A Sort Of Cinderella Story
by Queen Pokeyokes
Summary: What happens when you mix a princess and Buffy The Vampire Slayer? Cinderella, the butt-kicking, prince-hating princess!
1. A Princess's Tale

**Hey! I know, this story is very confusing but if you ignore the weirdness of my writing, it's actually quite funny! Please review! **

**Chapter one, the princess's story**

Don't ask me my name. No really don't. It's soooooooo not important. We can go through the whole story calling me 'Muggle Hump The Weird' if you want. It's a lot, lot better than my real name. You don't need to know it. All you need to know is I'm female, tall, pretty, no, beautiful, no wait, gorgeous! That's better. Anyway, I'll stop rabbiting on and get on with the story.

Once upon a time, hang on, that doesn't sound right. I may be a princess but this is so NOT a fairy story. How about, in a land far, far away, that's better, you probably are a million miles away from Carrin, the land I'm in. Oops, sorry, you're not meant to know the name of the land yet! Just forget I told you Ok? You'll find out later. Oh god I'm totally rubbish at the whole story writing thing. Lets start again...
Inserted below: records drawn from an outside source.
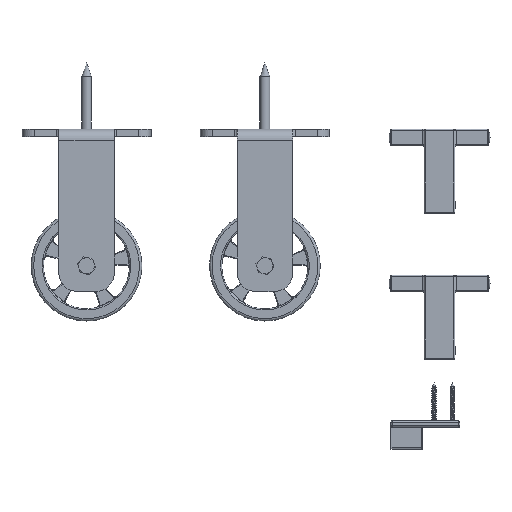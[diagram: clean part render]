
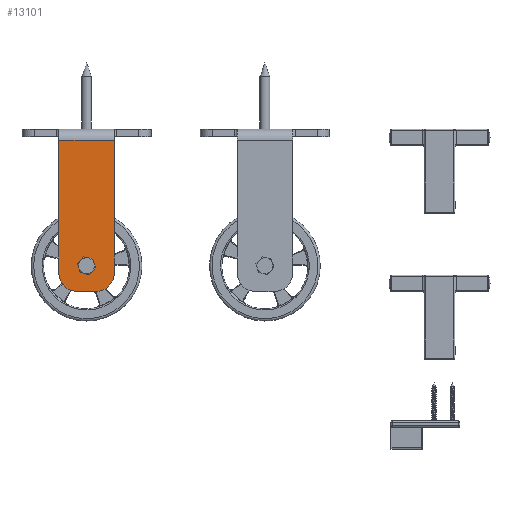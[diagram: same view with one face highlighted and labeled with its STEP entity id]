
A CAD part, front view. The second image highlights one B-rep face of the part: STEP entity #13101.
In plain terms, the highlighted face is planar.
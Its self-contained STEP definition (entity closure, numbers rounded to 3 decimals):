
#912=FACE_BOUND('',#3055,.T.);
#1252=CIRCLE('',#14675,4.1);
#1253=CIRCLE('',#14677,15.);
#1254=CIRCLE('',#14680,15.);
#2243=FACE_OUTER_BOUND('',#3054,.T.);
#3054=EDGE_LOOP('',(#10237,#10238,#10239,#10240,#10241,#10242));
#3055=EDGE_LOOP('',(#10243));
#4121=LINE('',#33231,#4922);
#4127=LINE('',#33249,#4928);
#4130=LINE('',#33262,#4931);
#4134=LINE('',#33274,#4935);
#4922=VECTOR('',#17503,10.);
#4928=VECTOR('',#17525,10.);
#4931=VECTOR('',#17538,10.);
#4935=VECTOR('',#17552,10.);
#5800=VERTEX_POINT('',#33228);
#5801=VERTEX_POINT('',#33230);
#5805=VERTEX_POINT('',#33247);
#5810=VERTEX_POINT('',#33261);
#5811=VERTEX_POINT('',#33265);
#5812=VERTEX_POINT('',#33269);
#5813=VERTEX_POINT('',#33273);
#7375=EDGE_CURVE('',#5801,#5800,#4121,.T.);
#7384=EDGE_CURVE('',#5805,#5800,#4127,.T.);
#7390=EDGE_CURVE('',#5801,#5810,#4130,.T.);
#7393=EDGE_CURVE('',#5811,#5811,#1252,.T.);
#7394=EDGE_CURVE('',#5810,#5812,#1253,.T.);
#7396=EDGE_CURVE('',#5812,#5813,#4134,.T.);
#7398=EDGE_CURVE('',#5813,#5805,#1254,.T.);
#10237=ORIENTED_EDGE('',*,*,#7375,.T.);
#10238=ORIENTED_EDGE('',*,*,#7384,.F.);
#10239=ORIENTED_EDGE('',*,*,#7398,.F.);
#10240=ORIENTED_EDGE('',*,*,#7396,.F.);
#10241=ORIENTED_EDGE('',*,*,#7394,.F.);
#10242=ORIENTED_EDGE('',*,*,#7390,.F.);
#10243=ORIENTED_EDGE('',*,*,#7393,.T.);
#12634=PLANE('',#14681);
#13101=ADVANCED_FACE('',(#2243,#912),#12634,.T.);
#14675=AXIS2_PLACEMENT_3D('',#33267,#17543,#17544);
#14677=AXIS2_PLACEMENT_3D('',#33270,#17547,#17548);
#14680=AXIS2_PLACEMENT_3D('',#33277,#17556,#17557);
#14681=AXIS2_PLACEMENT_3D('',#33278,#17558,#17559);
#17503=DIRECTION('',(0.,0.,-1.));
#17525=DIRECTION('',(0.,-1.,0.));
#17538=DIRECTION('',(0.,1.,0.));
#17543=DIRECTION('center_axis',(-1.,0.,0.));
#17544=DIRECTION('ref_axis',(0.,-1.,0.));
#17547=DIRECTION('center_axis',(-1.,0.,0.));
#17548=DIRECTION('ref_axis',(0.,-1.,0.));
#17552=DIRECTION('',(0.,0.,-1.));
#17556=DIRECTION('center_axis',(-1.,0.,0.));
#17557=DIRECTION('ref_axis',(0.,0.,1.));
#17558=DIRECTION('center_axis',(1.,0.,0.));
#17559=DIRECTION('ref_axis',(0.,0.,-1.));
#33228=CARTESIAN_POINT('',(6.,3.,-45.));
#33230=CARTESIAN_POINT('',(6.,3.,0.));
#33231=CARTESIAN_POINT('',(6.,3.,-11.25));
#33247=CARTESIAN_POINT('',(6.,111.,-45.));
#33249=CARTESIAN_POINT('',(6.,111.,-45.));
#33261=CARTESIAN_POINT('',(6.,111.,0.));
#33262=CARTESIAN_POINT('',(6.,0.,0.));
#33265=CARTESIAN_POINT('',(6.,109.1,-22.5));
#33267=CARTESIAN_POINT('Origin',(6.,105.,-22.5));
#33269=CARTESIAN_POINT('',(6.,126.,-15.));
#33270=CARTESIAN_POINT('Origin',(6.,111.,-15.));
#33273=CARTESIAN_POINT('',(6.,126.,-30.));
#33274=CARTESIAN_POINT('',(6.,126.,-15.));
#33277=CARTESIAN_POINT('Origin',(6.,111.,-30.));
#33278=CARTESIAN_POINT('Origin',(6.,60.409,-22.5));
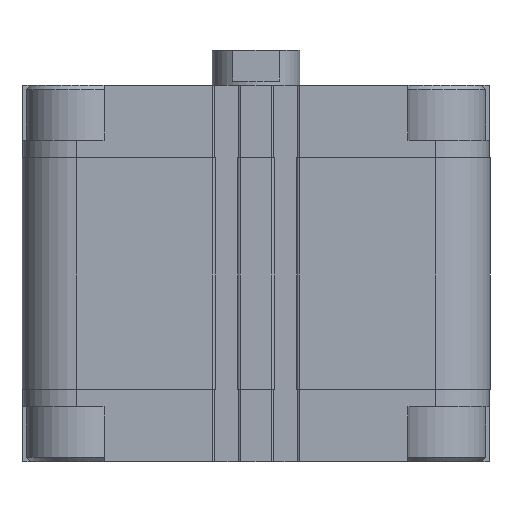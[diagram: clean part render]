
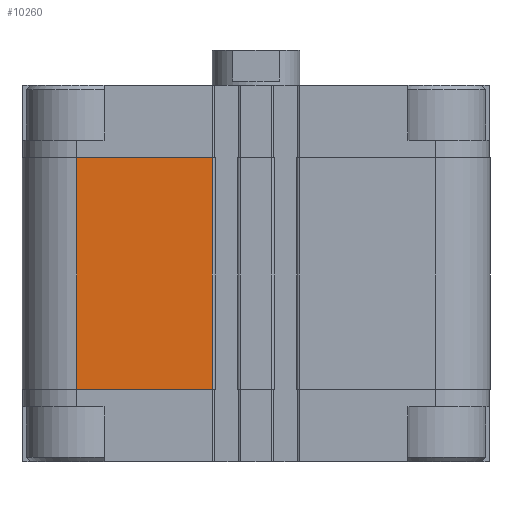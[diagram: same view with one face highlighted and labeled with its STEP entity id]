
A CAD part, front view. The second image highlights one B-rep face of the part: STEP entity #10260.
In plain terms, the highlighted face is planar.
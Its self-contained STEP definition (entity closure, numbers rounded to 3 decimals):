
#1976=ORIENTED_EDGE('',*,*,#4568,.F.);
#1977=ORIENTED_EDGE('',*,*,#4653,.F.);
#1978=ORIENTED_EDGE('',*,*,#4263,.T.);
#1979=ORIENTED_EDGE('',*,*,#4654,.T.);
#4263=EDGE_CURVE('',#5753,#5752,#6640,.T.);
#4568=EDGE_CURVE('',#5945,#5946,#6856,.T.);
#4653=EDGE_CURVE('',#5753,#5945,#6910,.T.);
#4654=EDGE_CURVE('',#5752,#5946,#6911,.T.);
#5752=VERTEX_POINT('',#15717);
#5753=VERTEX_POINT('',#15719);
#5945=VERTEX_POINT('',#16320);
#5946=VERTEX_POINT('',#16322);
#6640=LINE('',#15718,#7592);
#6856=LINE('',#16321,#7808);
#6910=LINE('',#16492,#7862);
#6911=LINE('',#16494,#7863);
#7592=VECTOR('',#12172,1000.);
#7808=VECTOR('',#12776,1000.);
#7862=VECTOR('',#12954,1000.);
#7863=VECTOR('',#12957,1000.);
#8466=EDGE_LOOP('',(#1976,#1977,#1978,#1979));
#9172=FACE_BOUND('',#8466,.T.);
#9796=PLANE('',#11080);
#10260=ADVANCED_FACE('',(#9172),#9796,.T.);
#11080=AXIS2_PLACEMENT_3D('',#16493,#12955,#12956);
#12172=DIRECTION('',(-1.,0.,0.));
#12776=DIRECTION('',(-1.,0.,0.));
#12954=DIRECTION('',(0.,0.,1.));
#12955=DIRECTION('',(0.,1.,0.));
#12956=DIRECTION('',(0.,0.,1.));
#12957=DIRECTION('',(0.,0.,1.));
#15717=CARTESIAN_POINT('',(9.95,53.5,-69.5));
#15718=CARTESIAN_POINT('',(41.,53.5,-69.5));
#15719=CARTESIAN_POINT('',(41.,53.5,-69.5));
#16320=CARTESIAN_POINT('',(41.,53.5,-16.5));
#16321=CARTESIAN_POINT('',(41.,53.5,-16.5));
#16322=CARTESIAN_POINT('',(9.95,53.5,-16.5));
#16492=CARTESIAN_POINT('',(41.,53.5,-69.5));
#16493=CARTESIAN_POINT('',(41.,53.5,-69.5));
#16494=CARTESIAN_POINT('',(9.95,53.5,-69.5));

In a land far, far away there lived a beautiful princess, a butt kicking, prince hating, pink loving, princess. Many young princes came from far and wide, even from outside the land of Carrin (see NOW you can know the land.) to get a date with the gorgeous princess. But because the princess hated princes, she dropkicked them out the door of the castle. Cin.... phew! (Nearly told you my name there!!!! I won't make the same mistake again) the princess's parents did not like the young girls attitude so they said to her

" If you don't get your act together blah, blah, blah, then we'll blah, blah, blah and you'll be blah, blah, blah."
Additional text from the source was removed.